Development of a real-time artistic installation for enhancing music performances by generating evolving visuals from audio input

Nowadays, performances dominate several aspects of the music industry. It is crucial for musicians to promote and share their art with an audience. The evolution of live shows is mostly determined by the advent of new instruments and technologies that are able to expand creative and artistic possibilities. In particular, the advent of electronic and digital devices has paved the way for the introduction of new art forms inside the context of a musical performance, such as light effects or visual content. This thesis aims to visually represent a song played in a context of a live show or an artistic installation where music is involved. The proposed method works in real-time, starting from two inputs, the microphone and the instrumental, and returning a visual content that evolves coherently with the song input. The artworks’ content is guided by the lyrics, and the colour palette is set by the instrumentals. In order to achieve the final result, several Machine Learning techniques are explored and used. The proposed method involves several components that are designed to resolve tasks like Automatic Speech Recognition, Music Genre Classification and Real-Time Image Synthesis. The system works with two sub-processing methods that works in parallel. The microphone’s input is transcribed in real-time by a component based on the Whisper architecture. The instrumental is passed to a classifier based on the Discogs-EffNet, that outputs five most related genre to the audio under analysis. This genres are mapped to colour in order to create the artwork’s colour palette. The transcribed text and the colour palette are then combined inside a prompt to generate the final images in real-time through the use of a generative model trained with Adversarial Diffusion Distillation approach. In order to have correlation between frames, text embeddings are extracted and interpolated. The proposed method is evaluated by presenting different techniques for inference and optimization. The performances’ results are then compared in order to find the best solution for the application of this method in a real environment. A prototype of the system was presented to an audience and feedback are collected and discussed.
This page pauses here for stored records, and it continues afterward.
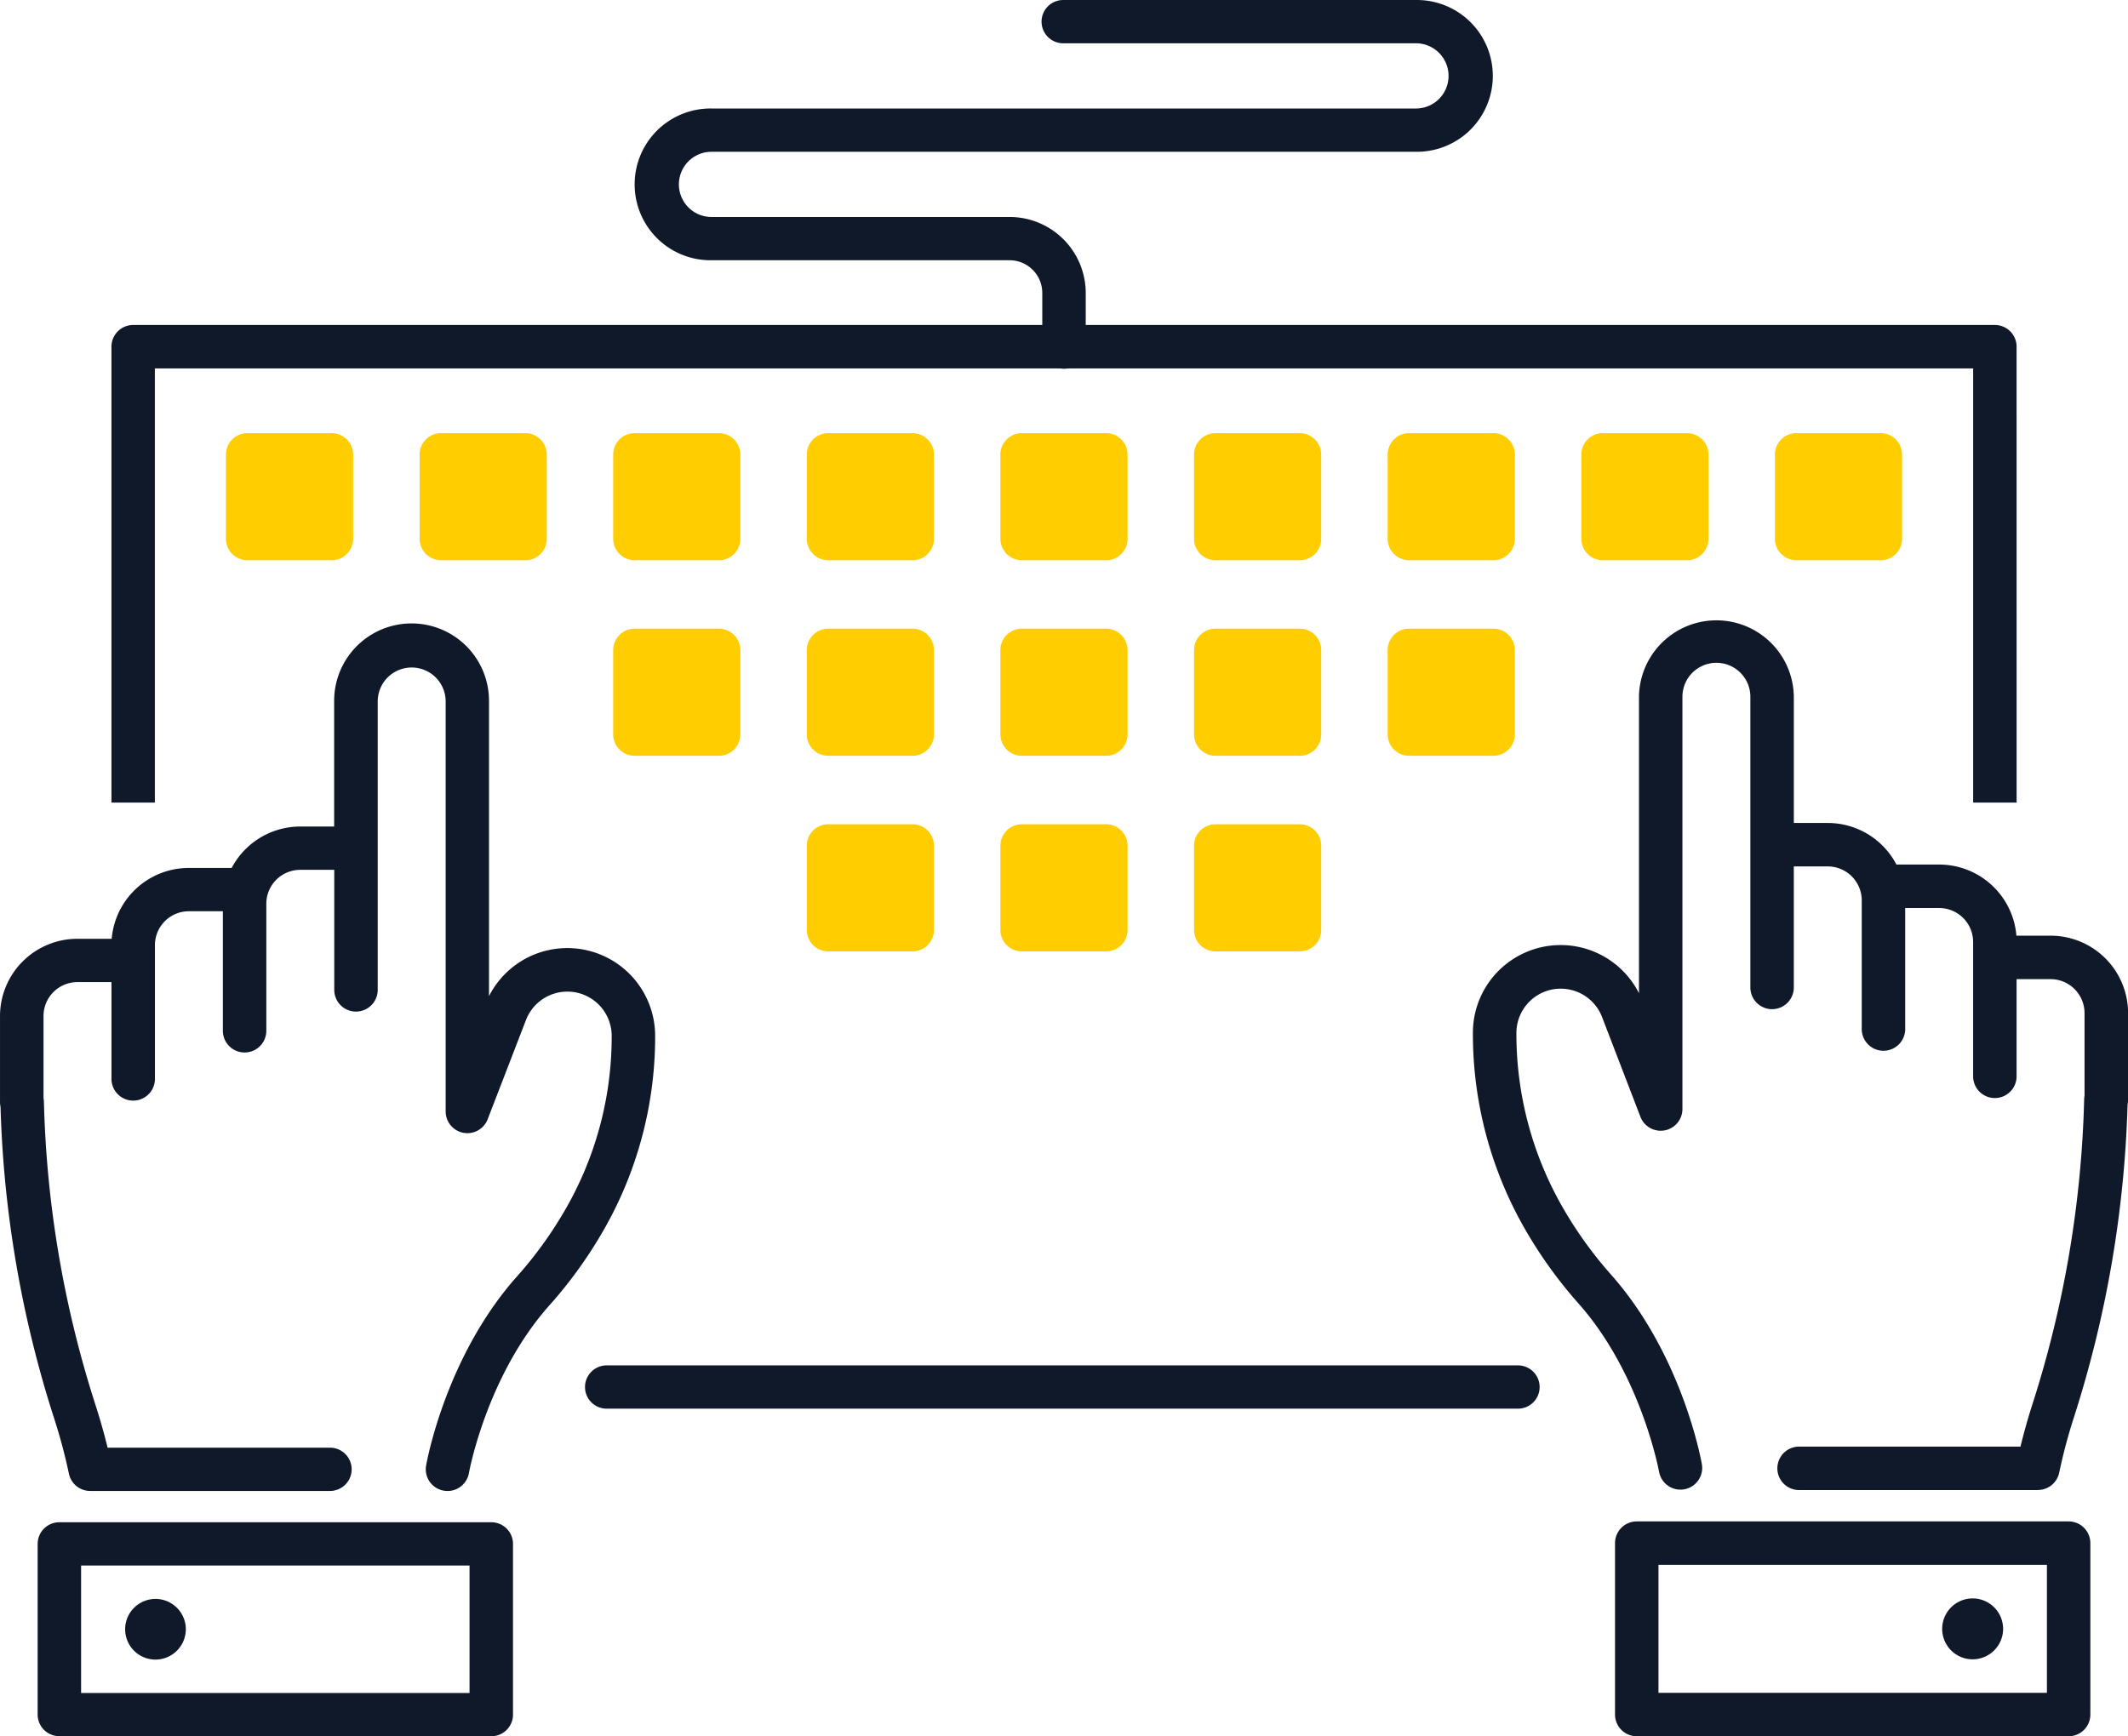 <?xml version="1.0" encoding="utf-8"?>
<svg xmlns="http://www.w3.org/2000/svg" id="Group_2709" data-name="Group 2709" width="174" height="142.004" viewBox="0 0 174 142.004">
  <path id="Path_6574" data-name="Path 6574" d="M617.534,48.739h-6.89a1.754,1.754,0,0,1-1.754-1.755V40.1a1.754,1.754,0,0,1,1.754-1.754h6.89a1.755,1.755,0,0,1,1.754,1.754v6.889a1.755,1.755,0,0,1-1.754,1.755" transform="translate(-590.416 -2.92)" fill="#ffcd00"/>
  <path id="Path_6575" data-name="Path 6575" d="M634.6,48.739h-6.888a1.755,1.755,0,0,1-1.754-1.755V40.1a1.755,1.755,0,0,1,1.754-1.754H634.6a1.755,1.755,0,0,1,1.755,1.754v6.889a1.755,1.755,0,0,1-1.755,1.755" transform="translate(-591.649 -2.92)" fill="#ffcd00"/>
  <path id="Path_6576" data-name="Path 6576" d="M651.663,48.739h-6.889a1.755,1.755,0,0,1-1.754-1.755V40.1a1.755,1.755,0,0,1,1.754-1.754h6.889a1.755,1.755,0,0,1,1.754,1.754v6.889a1.755,1.755,0,0,1-1.754,1.755" transform="translate(-592.882 -2.92)" fill="#ffcd00"/>
  <path id="Path_6577" data-name="Path 6577" d="M668.728,48.739h-6.89a1.754,1.754,0,0,1-1.754-1.755V40.1a1.754,1.754,0,0,1,1.754-1.754h6.89a1.755,1.755,0,0,1,1.754,1.754v6.889a1.755,1.755,0,0,1-1.754,1.755" transform="translate(-594.115 -2.92)" fill="#ffcd00"/>
  <path id="Path_6578" data-name="Path 6578" d="M685.792,48.739H678.9a1.755,1.755,0,0,1-1.754-1.755V40.1a1.755,1.755,0,0,1,1.754-1.754h6.889a1.755,1.755,0,0,1,1.754,1.754v6.889a1.755,1.755,0,0,1-1.754,1.755" transform="translate(-595.347 -2.92)" fill="#ffcd00"/>
  <path id="Path_6579" data-name="Path 6579" d="M702.857,48.739h-6.889a1.755,1.755,0,0,1-1.755-1.755V40.1a1.754,1.754,0,0,1,1.755-1.754h6.889a1.755,1.755,0,0,1,1.754,1.754v6.889a1.755,1.755,0,0,1-1.754,1.755" transform="translate(-596.58 -2.92)" fill="#ffcd00"/>
  <path id="Path_6580" data-name="Path 6580" d="M719.921,48.739h-6.889a1.755,1.755,0,0,1-1.754-1.755V40.1a1.755,1.755,0,0,1,1.754-1.754h6.889a1.756,1.756,0,0,1,1.755,1.754v6.889a1.756,1.756,0,0,1-1.755,1.755" transform="translate(-597.813 -2.92)" fill="#ffcd00"/>
  <path id="Path_6581" data-name="Path 6581" d="M736.986,48.739H730.1a1.755,1.755,0,0,1-1.755-1.755V40.1a1.755,1.755,0,0,1,1.755-1.754h6.889A1.755,1.755,0,0,1,738.74,40.1v6.889a1.755,1.755,0,0,1-1.754,1.755" transform="translate(-599.045 -2.92)" fill="#ffcd00"/>
  <path id="Path_6582" data-name="Path 6582" d="M754.05,48.739h-6.889a1.755,1.755,0,0,1-1.754-1.755V40.1a1.755,1.755,0,0,1,1.754-1.754h6.889a1.755,1.755,0,0,1,1.755,1.754v6.889a1.755,1.755,0,0,1-1.755,1.755" transform="translate(-600.278 -2.92)" fill="#ffcd00"/>
  <path id="Path_6583" data-name="Path 6583" d="M651.663,66.053h-6.889A1.754,1.754,0,0,1,643.02,64.3V57.41a1.755,1.755,0,0,1,1.754-1.754h6.889a1.755,1.755,0,0,1,1.754,1.754V64.3a1.754,1.754,0,0,1-1.754,1.754" transform="translate(-592.882 -4.239)" fill="#ffcd00"/>
  <path id="Path_6584" data-name="Path 6584" d="M668.728,66.053h-6.89a1.754,1.754,0,0,1-1.754-1.754V57.41a1.754,1.754,0,0,1,1.754-1.754h6.89a1.755,1.755,0,0,1,1.754,1.754V64.3a1.754,1.754,0,0,1-1.754,1.754" transform="translate(-594.115 -4.239)" fill="#ffcd00"/>
  <path id="Path_6585" data-name="Path 6585" d="M685.792,66.053H678.9a1.754,1.754,0,0,1-1.754-1.754V57.41a1.755,1.755,0,0,1,1.754-1.754h6.889a1.755,1.755,0,0,1,1.754,1.754V64.3a1.754,1.754,0,0,1-1.754,1.754" transform="translate(-595.347 -4.239)" fill="#ffcd00"/>
  <path id="Path_6586" data-name="Path 6586" d="M702.857,66.053h-6.889a1.754,1.754,0,0,1-1.755-1.754V57.41a1.754,1.754,0,0,1,1.755-1.754h6.889a1.755,1.755,0,0,1,1.754,1.754V64.3a1.754,1.754,0,0,1-1.754,1.754" transform="translate(-596.58 -4.239)" fill="#ffcd00"/>
  <path id="Path_6587" data-name="Path 6587" d="M719.921,66.053h-6.889a1.754,1.754,0,0,1-1.754-1.754V57.41a1.755,1.755,0,0,1,1.754-1.754h6.889a1.756,1.756,0,0,1,1.755,1.754V64.3a1.755,1.755,0,0,1-1.755,1.754" transform="translate(-597.813 -4.239)" fill="#ffcd00"/>
  <path id="Path_6588" data-name="Path 6588" d="M668.728,83.369h-6.89a1.754,1.754,0,0,1-1.754-1.755V74.725a1.754,1.754,0,0,1,1.754-1.754h6.89a1.755,1.755,0,0,1,1.754,1.754v6.889a1.754,1.754,0,0,1-1.754,1.755" transform="translate(-594.115 -5.557)" fill="#ffcd00"/>
  <path id="Path_6589" data-name="Path 6589" d="M685.792,83.369H678.9a1.754,1.754,0,0,1-1.754-1.755V74.725a1.755,1.755,0,0,1,1.754-1.754h6.889a1.755,1.755,0,0,1,1.754,1.754v6.889a1.754,1.754,0,0,1-1.754,1.755" transform="translate(-595.347 -5.557)" fill="#ffcd00"/>
  <path id="Path_6590" data-name="Path 6590" d="M702.857,83.369h-6.889a1.754,1.754,0,0,1-1.755-1.755V74.725a1.754,1.754,0,0,1,1.755-1.754h6.889a1.755,1.755,0,0,1,1.754,1.754v6.889a1.754,1.754,0,0,1-1.754,1.755" transform="translate(-596.58 -5.557)" fill="#ffcd00"/>
  <path id="Path_6591" data-name="Path 6591" d="M767.5,146.55H732.187a1.776,1.776,0,0,1-1.777-1.777V130.756a1.776,1.776,0,0,1,1.777-1.777H767.5a1.776,1.776,0,0,1,1.777,1.777v14.017a1.776,1.776,0,0,1-1.777,1.777M733.963,143h31.762V132.533H733.963Zm25.689-2.741a2.491,2.491,0,1,1,2.491-2.491,2.494,2.494,0,0,1-2.491,2.491m5.331-13.844H745.419a1.777,1.777,0,0,1,0-3.553h18.144c.217-.89.545-2.126.993-3.515a88.8,88.8,0,0,0,4.215-24.907,1.783,1.783,0,0,1,.03-.284V87.406a2.781,2.781,0,0,0-2.778-2.778h-2.778v7.99a1.777,1.777,0,0,1-3.553,0V81.589a2.781,2.781,0,0,0-2.777-2.778h-2.778v9.856a1.777,1.777,0,1,1-3.553,0V78.186a2.781,2.781,0,0,0-2.778-2.777H745.03v9.856a1.777,1.777,0,1,1-3.553,0V61.533a2.777,2.777,0,0,0-5.555,0V95.25a1.776,1.776,0,0,1-3.434.638l-3.141-8.17a3.623,3.623,0,0,0-7,1.3,28.488,28.488,0,0,0,3.99,14.632,33.035,33.035,0,0,0,3.679,5.067c5.867,6.559,7.44,15.245,7.5,15.611a1.777,1.777,0,0,1-3.5.614c-.015-.08-1.479-8.072-6.654-13.857a36.571,36.571,0,0,1-4.08-5.612,32.046,32.046,0,0,1-4.493-16.456,7.176,7.176,0,0,1,13.581-3.236V61.533a6.331,6.331,0,0,1,12.661,0V71.856h2.778a6.337,6.337,0,0,1,5.612,3.4h3.5a6.339,6.339,0,0,1,6.31,5.817h2.8a6.338,6.338,0,0,1,6.331,6.331v7.078a1.771,1.771,0,0,1-.041.379,92.29,92.29,0,0,1-4.376,25.568,45,45,0,0,0-1.213,4.546,1.778,1.778,0,0,1-1.743,1.434" transform="translate(-598.355 -4.546)" fill="#10192a"/>
  <path id="Path_6592" data-name="Path 6592" d="M754.579,67.869h-3.553V32.357H602.349V67.869H598.8V30.581a1.776,1.776,0,0,1,1.776-1.777H752.8a1.776,1.776,0,0,1,1.777,1.777Z" transform="translate(-589.687 -2.225)" fill="#10192a"/>
  <path id="Path_6593" data-name="Path 6593" d="M629.148,142H593.833a1.773,1.773,0,0,1-1.777-1.77V126.273a1.773,1.773,0,0,1,1.777-1.77h35.315a1.773,1.773,0,0,1,1.777,1.77v13.962a1.773,1.773,0,0,1-1.777,1.77m-33.539-3.539h31.762V128.042H595.609Zm6.074-2.73a2.481,2.481,0,1,1,2.49-2.481,2.489,2.489,0,0,1-2.49,2.481m23.889-13.789a1.739,1.739,0,0,1-.308-.028,1.771,1.771,0,0,1-1.445-2.048c.064-.365,1.637-9.017,7.5-15.55A32.771,32.771,0,0,0,635,99.272,28.285,28.285,0,0,0,638.994,84.7a3.625,3.625,0,0,0-7-1.295l-3.141,8.138a1.777,1.777,0,0,1-3.435-.635V57.32a2.778,2.778,0,0,0-5.555,0V80.96a1.777,1.777,0,0,1-3.554,0V71.143h-2.777a2.776,2.776,0,0,0-2.778,2.766V84.347a1.777,1.777,0,0,1-3.553,0V74.53h-2.777a2.775,2.775,0,0,0-2.778,2.767V88.283a1.777,1.777,0,0,1-3.553,0V80.325h-2.779a2.775,2.775,0,0,0-2.778,2.767v6.715a1.8,1.8,0,0,1,.032.288,88.089,88.089,0,0,0,4.216,24.809c.447,1.384.776,2.615.993,3.5h18.143a1.77,1.77,0,1,1,0,3.539H596.353a1.775,1.775,0,0,1-1.743-1.428,44.98,44.98,0,0,0-1.212-4.529,91.617,91.617,0,0,1-4.377-25.463,1.8,1.8,0,0,1-.042-.384v-7.05a6.326,6.326,0,0,1,6.331-6.306h2.8a6.33,6.33,0,0,1,6.311-5.794h3.5a6.343,6.343,0,0,1,5.612-3.388H616.3V57.32a6.331,6.331,0,0,1,12.662,0V81.474A7.181,7.181,0,0,1,642.547,84.7a31.815,31.815,0,0,1-4.494,16.391,36.387,36.387,0,0,1-4.08,5.59c-5.2,5.788-6.638,13.722-6.652,13.8a1.778,1.778,0,0,1-1.748,1.466m87.484-6.734H638.625a1.77,1.77,0,1,1,0-3.539h74.432a1.77,1.77,0,1,1,0,3.539M675.979,30.159a1.773,1.773,0,0,1-1.777-1.77V23.953a2.676,2.676,0,0,0-2.678-2.667H647.155a6.206,6.206,0,1,1,0-12.411h57.6a2.667,2.667,0,1,0,0-5.334h-28.8a1.77,1.77,0,1,1,0-3.539h28.8a6.207,6.207,0,1,1,0,12.413h-57.6a2.666,2.666,0,1,0,0,5.332h24.369a6.226,6.226,0,0,1,6.231,6.206v4.437a1.773,1.773,0,0,1-1.777,1.77" transform="translate(-588.978 -0.001)" fill="#10192a"/>
</svg>

Al giorno d’oggi, le live performances dominano diversi aspetti dell’industria musicale. Per i musicisti è cruciale promuovere e condividere la propria arte con un pubblico. L’evoluzione di live shows è determinata dall’avvento di nuovi strumenti musicali e tecnologie che permettono agli artisti di espandere le proprie possibilità creative. In particolare, l’introduzione di sistemi digitali ha aperto la strada all’utilizzo di nuove forme d’arte all’interno di performance musicali, come effetti di luce o video content. Questo lavoro di tesi ha lo scopo di rappresentare visivamente una canzone performata in un concerto dal vivo o di un’installazione artistica nella quale è presente una performance musicale. Il metodo proposto opera in real-time, partendo da due input, il microfono e la strumentale, e restituendo un contenuto visual che evolve basandosi sulla canzone performata. Il contenuto dell’artwork è guidato dal testo cantato, la palette colori è determinata dalla strumentale. Il risultato è raggiunto attraverso l’utilizzo di diverse tecniche di Machine Learning. Il metodo proposto è composto da una serie di componenti progettati per assolvere diversi compiti come Automatic Speech Recognition, Music Genre Classification e Real-Time Image Synthesis. Il sistema è composto da due sotto processi che lavorano in parallelo. L’input del microfono è trascritto in real-time da un componente basato sull’ architettura del modello Whisper. L’audio della strumentale è dato in input ad un classifcatore basato su Discogs-EffNet, il quale restituisce i 5 generi più associabili all’audio sotto analisi. Successivamente, ogni genere è mappato ad un colore, per ottenere una palette. Il testo trascritto e la colour palette sono concatenati all’interno di un prompt, per la generazione delle immagini in real-time, con modelli allenati attraverso Adversarial Diffusion Distillation. Per ottenere correlazioni tra le immagini, il testo è codificato e i risultanti embeddings sono interpolati. La valutazione del metodo proposto è stata fatta presentando e confrontando diverse tecniche d’inferenza e di ottimizzazione, per arrivare alla miglior soluzione possibile. Infine, un prototipo del sistema è stato presentato ad un pubblico e i risultati dei feedback sono discussi.